======== Information shown ========

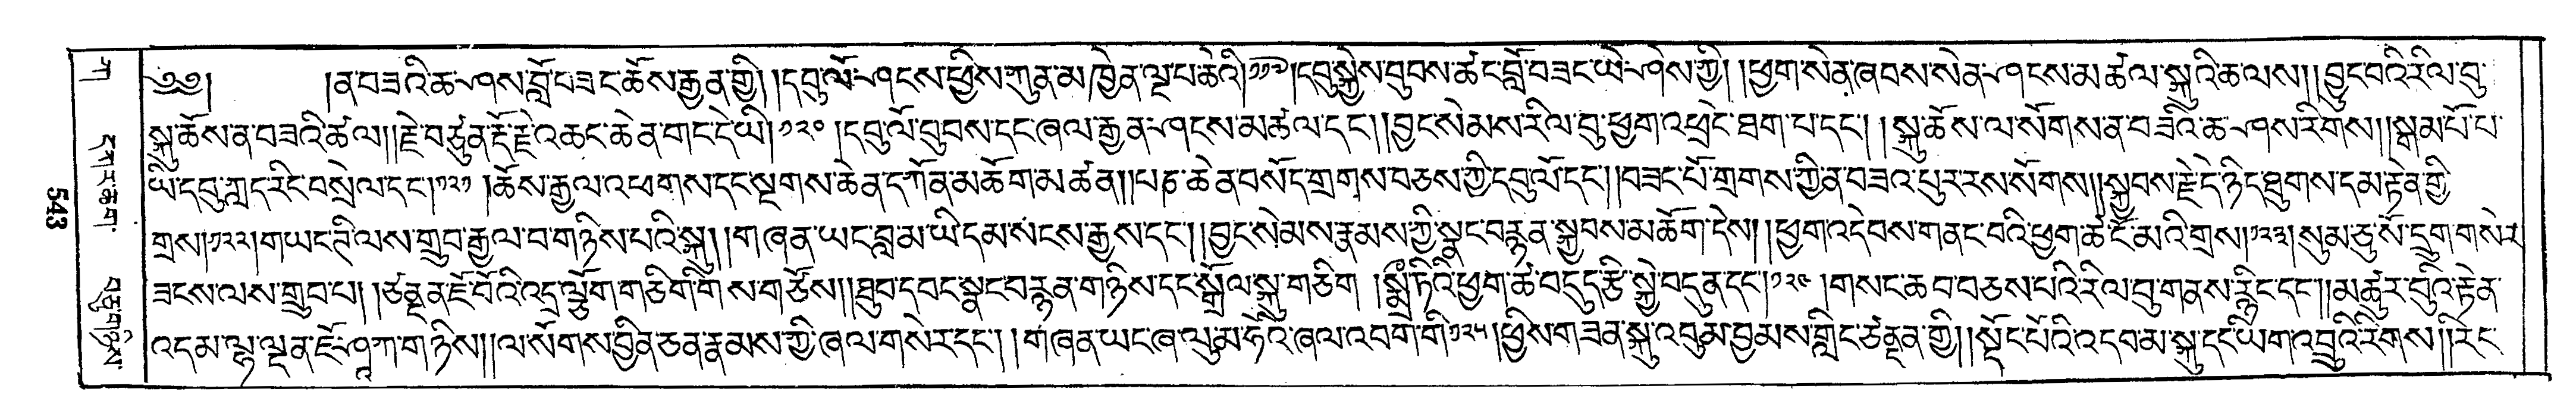༄༅། །ན་བཟའི་ཆ་ཤས་བློ་བཟང་ཆོས་རྒྱན་གྱི། །དབུ་ལོ་ཤངས་ཕྱིས་ཀུན་མཁྱེན་ལྔ་པ་ཆེའི། ༡༡༧་།དབུ་སྐྱེས་བུབས་ཚང་བློ་བཟང་ཡེ་ཤེས་ཀྱི། །ཕྱག་སེན་ཞབས་སེན་ཤངས་མཚལ་སྐུའི་ཆ་ལས། །བྱུང་བའི་རིལ་བུ་
སྐུ་ཆོས་ན་བཟའི་ཚལ། །རྗེ་བཙུན་རྡོ་རྗེ་འཆང་ཆེན་གང་དེ་ཡི། ༡༢༠་།དབུ་ལོ་བུབས་དང་ཞལ་རྒྱན་ཤངས་མཚལ་དང་། །བྱང་སེམས་རིལ་བུ་ཕྱག་འཕྲེང་ཐག་པ་དང་། །སྐུ་ཆོས་ལ་སོགས་ན་བཟའི་ཆ་ཤས་རིགས། །སྒམ་པོ་པ་
ཡི་དབུ་ཀླད་རིང་བ་སྲེལ་དང་། ༡༢༡་།ཆོས་རྒྱལ་འཕགས་དང་སྔགས་ཆེན་དཀོན་མཆོག་མཚན། །པཎ་ཆེན་བསོད་གྲགས་བཅས་ཀྱི་དབུ་ལོ་དང་། །བཟང་པོ་གྲགས་ཀྱི་ན་བཟའ་པུར་རས་སོགས། །སྐྱབས་རྗེ་དེ་ཉིད་ཐུགས་དམ་རྟེན་གྱི་
གྲས། ༡༢༢་།གཡང་ཊི་ལས་གྲུབ་རྒྱལ་བ་གཉིས་པའི་སྐུ། །གཞན་ཡང་བླ་མ་ཡི་དམ་སངས་རྒྱས་དང་། །བྱང་སེམས་རྣམས་ཀྱི་སྣང་བརྙན་སྐྱབས་མཆོག་དེས། །ཕྱག་འདེབས་གནང་བའི་ཕྱག་ཚ་ངོ་མའི་གྲས། ༡༢༣། སུམ་ཅུ་སོ་དྲུག་གསེར་
ཟངས་ལས་གྲུབ་པ། །ཙནྡན་ཇོ་བོའི་འདྲ་ལྕོག་གཅིག་གིས་གཙོས། །ཐུབ་དབང་སྣང་བརྙན་གཉིས་དང་སྒྲོལ་སྐུ་གཅིག །སྨྲྀ་ཏའི་ཕྱག་ཚ་བདུད་རྩི་སྐྱེ་བདུན་དང་། ༡༢༤་།གསང་ཆབ་བཅས་པའི་རིལ་བུ་གནས་རྙིང་དང་། །མཚུར་བུའི་རྟེན་
འདམ་ལྷ་ལྡན་ཇོ་ཤཱཀ་གཉིས། །ལ་སོགས་བྱིན་ཅན་རྣམས་ཀྱི་ཞལ་གསེར་དང་། །གཞན་ཡང་ཞ་ལུ་མ་ཧེའི་ཞལ་འབག་གི ༡༢༥་།ཕྱིས་གཟན་སྐུ་འབུམ་བྱམས་གླིང་ཙནྡན་གྱི། །སྡོང་པོའི་འདབ་མ་སྐུ་དང་ཡིག་འབྲུའི་རིགས། །རང་

========

- [What is expected]
Please restate the material word for word; the pictures stay out.

- [Response area]
༄༅། །ན་བཟའི་ཆ་ཤས་བློ་བཟང་ཆོས་རྒྱན་གྱི། །དབུ་ལོ་ཤངས་ཕྱིས་ཀུན་མཁྱེན་ལྔ་པ་ཆེའི། ༡༡༧་།དབུ་སྐྱེས་བུབས་ཚང་བློ་བཟང་ཡེ་ཤེས་ཀྱི། །ཕྱག་སེན་ཞབས་སེན་ཤངས་མཚལ་སྐུའི་ཆ་ལས། །བྱུང་བའི་རིལ་བུ་
སྐུ་ཆོས་ན་བཟའི་ཚལ། །རྗེ་བཙུན་རྡོ་རྗེ་འཆང་ཆེན་གང་དེ་ཡི། ༡༢༠་།དབུ་ལོ་བུབས་དང་ཞལ་རྒྱན་ཤངས་མཚལ་དང་། །བྱང་སེམས་རིལ་བུ་ཕྱག་འཕྲེང་ཐག་པ་དང་། །སྐུ་ཆོས་ལ་སོགས་ན་བཟའི་ཆ་ཤས་རིགས། །སྒམ་པོ་པ་
ཡི་དབུ་ཀླད་རིང་བ་སྲེལ་དང་། ༡༢༡་།ཆོས་རྒྱལ་འཕགས་དང་སྔགས་ཆེན་དཀོན་མཆོག་མཚན། །པཎ་ཆེན་བསོད་གྲགས་བཅས་ཀྱི་དབུ་ལོ་དང་། །བཟང་པོ་གྲགས་ཀྱི་ན་བཟའ་པུར་རས་སོགས། །སྐྱབས་རྗེ་དེ་ཉིད་ཐུགས་དམ་རྟེན་གྱི་
གྲས། ༡༢༢་།གཡང་ཊི་ལས་གྲུབ་རྒྱལ་བ་གཉིས་པའི་སྐུ། །གཞན་ཡང་བླ་མ་ཡི་དམ་སངས་རྒྱས་དང་། །བྱང་སེམས་རྣམས་ཀྱི་སྣང་བརྙན་སྐྱབས་མཆོག་དེས། །ཕྱག་འདེབས་གནང་བའི་ཕྱག་ཚ་ངོ་མའི་གྲས། ༡༢༣། སུམ་ཅུ་སོ་དྲུག་གསེར་
ཟངས་ལས་གྲུབ་པ། །ཙནྡན་ཇོ་བོའི་འདྲ་ལྕོག་གཅིག་གིས་གཙོས། །ཐུབ་དབང་སྣང་བརྙན་གཉིས་དང་སྒྲོལ་སྐུ་གཅིག །སྨྲྀ་ཏའི་ཕྱག་ཚ་བདུད་རྩི་སྐྱེ་བདུན་དང་། ༡༢༤་།གསང་ཆབ་བཅས་པའི་རིལ་བུ་གནས་རྙིང་དང་། །མཚུར་བུའི་རྟེན་
འདམ་ལྷ་ལྡན་ཇོ་ཤཱཀ་གཉིས། །ལ་སོགས་བྱིན་ཅན་རྣམས་ཀྱི་ཞལ་གསེར་དང་། །གཞན་ཡང་ཞ་ལུ་མ་ཧེའི་ཞལ་འབག་གི ༡༢༥་།ཕྱིས་གཟན་སྐུ་འབུམ་བྱམས་གླིང་ཙནྡན་གྱི། །སྡོང་པོའི་འདབ་མ་སྐུ་དང་ཡིག་འབྲུའི་རིགས། །རང་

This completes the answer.